- WHAT NEEDS TO BE DONE -
Word for word, transcribe the lines below and drop the pictures.

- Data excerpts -
*****

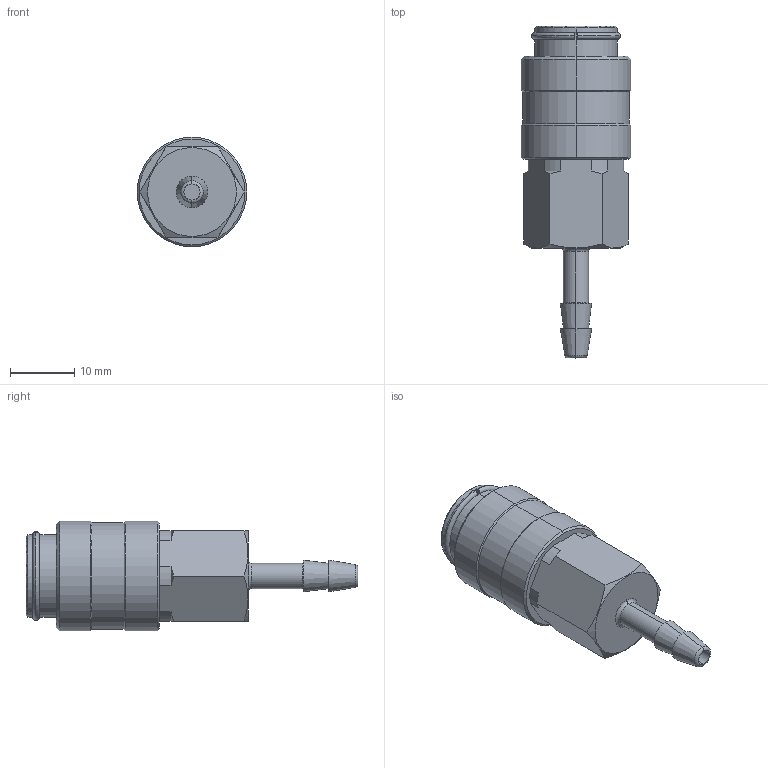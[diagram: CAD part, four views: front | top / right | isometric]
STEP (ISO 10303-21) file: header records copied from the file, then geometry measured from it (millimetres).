
FILE_DESCRIPTION(( 'GU21.130400.STEP' ), '1');
FILE_NAME( 'GU21.130400.STEP', '2019-06-20T13:33:48',( 'Sopra'),('sopra-pneumatic.com'), 'SwSTEP 2.0','SolidWorks 2009','' );
FILE_SCHEMA (( 'CONFIG_CONTROL_DESIGN' ));
Length unit declared in the file: millimetre
Products named in the file (1): 07210330
Bounding box: 17 x 51.5 x 17 mm (x, y, z)
Volume: 6249.3 mm3; surface area: 2823.3 mm2
Topology: 2 solids, 2 shells, 85 faces, 184 edges, 112 vertices
Faces by surface type: cone 26, cylinder 24, plane 19, torus 16
Entity records: 2483 total; most frequent: CARTESIAN_POINT 518, DIRECTION 430, ORIENTED_EDGE 368, EDGE_CURVE 184, AXIS2_PLACEMENT_3D 184, VERTEX_POINT 112, CIRCLE 98, EDGE_LOOP 94
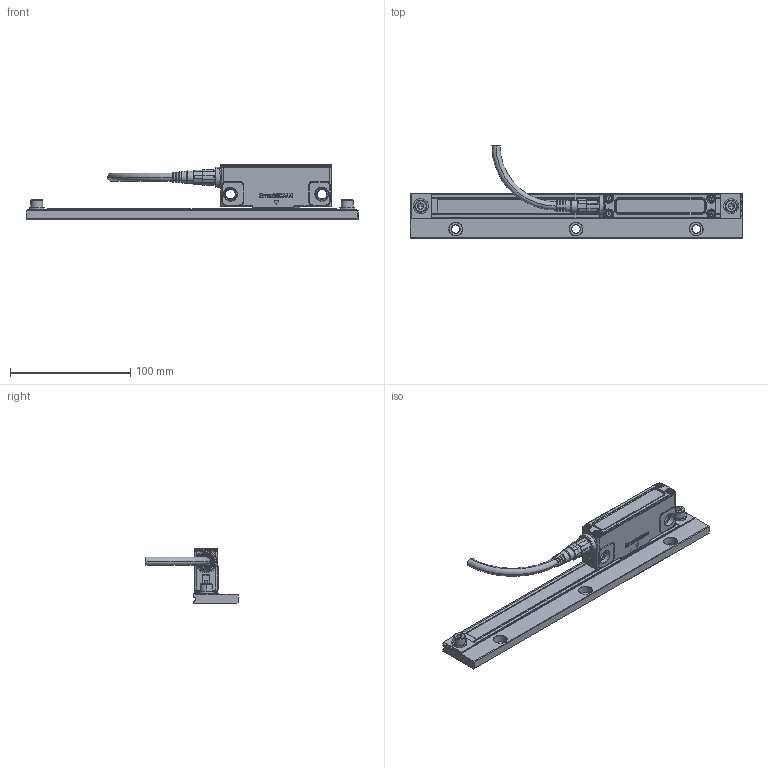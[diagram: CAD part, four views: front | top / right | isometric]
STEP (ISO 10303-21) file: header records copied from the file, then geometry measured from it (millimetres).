
FILE_DESCRIPTION(('CATIA V5 STEP','CAx-IF Rec.Pracs.--- Model Styling and Organization---1.4--- 2014-01-23'),'2;1');
FILE_NAME('SQ47-014R.stp','2021-01-22T08:21:51+00:00',('none'),('none'),'CATIA Version 5-6 Release 2017 SP5','CATIA V5 STEP AP214','none');
FILE_SCHEMA(('AUTOMOTIVE_DESIGN { 1 0 10303 214 1 1 1 1 }'));
Products named in the file (3): SQ47-014R; Head_ASSY_R; Scale base 140
Assembly tree (2 placements, depth 2):
  SQ47-014R
    Head_ASSY_R
    Scale base 140
Bounding box: 276 x 76.5 x 46.38 mm (x, y, z)
Volume: 151157.5 mm3; surface area: 55634 mm2
Topology: 2 solids, 23 shells, 2215 faces, 5814 edges, 3687 vertices
Faces by surface type: plane 669, cylinder 565, cone 416, bspline 372, torus 181, sphere 12
Entity records: 82675 total; most frequent: CARTESIAN_POINT 34689, ORIENTED_EDGE 11580, DIRECTION 6858, EDGE_CURVE 5790, VERTEX_POINT 3687, AXIS2_PLACEMENT_3D 3250, EDGE_LOOP 2365, VECTOR 2337

*****

- EXERCISE OUTPUT -
[diagram: CAD part, four views: front | top / right | isometric]
STEP (ISO 10303-21) file: header records copied from the file, then geometry measured from it (millimetres).
FILE_DESCRIPTION(( 'GU21.130400.STEP' ), '1');
FILE_NAME( 'GU21.130400.STEP', '2019-06-20T13:33:48',( 'Sopra'),('sopra-pneumatic.com'), 'SwSTEP 2.0','SolidWorks 2009','' );
FILE_SCHEMA (( 'CONFIG_CONTROL_DESIGN' ));
Length unit declared in the file: millimetre
Products named in the file (1): 07210330
Bounding box: 17 x 51.5 x 17 mm (x, y, z)
Volume: 6249.3 mm3; surface area: 2823.3 mm2
Topology: 2 solids, 2 shells, 85 faces, 184 edges, 112 vertices
Faces by surface type: cone 26, cylinder 24, plane 19, torus 16
Entity records: 2483 total; most frequent: CARTESIAN_POINT 518, DIRECTION 430, ORIENTED_EDGE 368, EDGE_CURVE 184, AXIS2_PLACEMENT_3D 184, VERTEX_POINT 112, CIRCLE 98, EDGE_LOOP 94
[diagram: CAD part, four views: front | top / right | isometric]
STEP (ISO 10303-21) file: header records copied from the file, then geometry measured from it (millimetres).
FILE_DESCRIPTION(('CATIA V5 STEP','CAx-IF Rec.Pracs.--- Model Styling and Organization---1.4--- 2014-01-23'),'2;1');
FILE_NAME('SQ47-014R.stp','2021-01-22T08:21:51+00:00',('none'),('none'),'CATIA Version 5-6 Release 2017 SP5','CATIA V5 STEP AP214','none');
FILE_SCHEMA(('AUTOMOTIVE_DESIGN { 1 0 10303 214 1 1 1 1 }'));
Products named in the file (3): SQ47-014R; Head_ASSY_R; Scale base 140
Assembly tree (2 placements, depth 2):
  SQ47-014R
    Head_ASSY_R
    Scale base 140
Bounding box: 276 x 76.5 x 46.38 mm (x, y, z)
Volume: 151157.5 mm3; surface area: 55634 mm2
Topology: 2 solids, 23 shells, 2215 faces, 5814 edges, 3687 vertices
Faces by surface type: plane 669, cylinder 565, cone 416, bspline 372, torus 181, sphere 12
Entity records: 82675 total; most frequent: CARTESIAN_POINT 34689, ORIENTED_EDGE 11580, DIRECTION 6858, EDGE_CURVE 5790, VERTEX_POINT 3687, AXIS2_PLACEMENT_3D 3250, EDGE_LOOP 2365, VECTOR 2337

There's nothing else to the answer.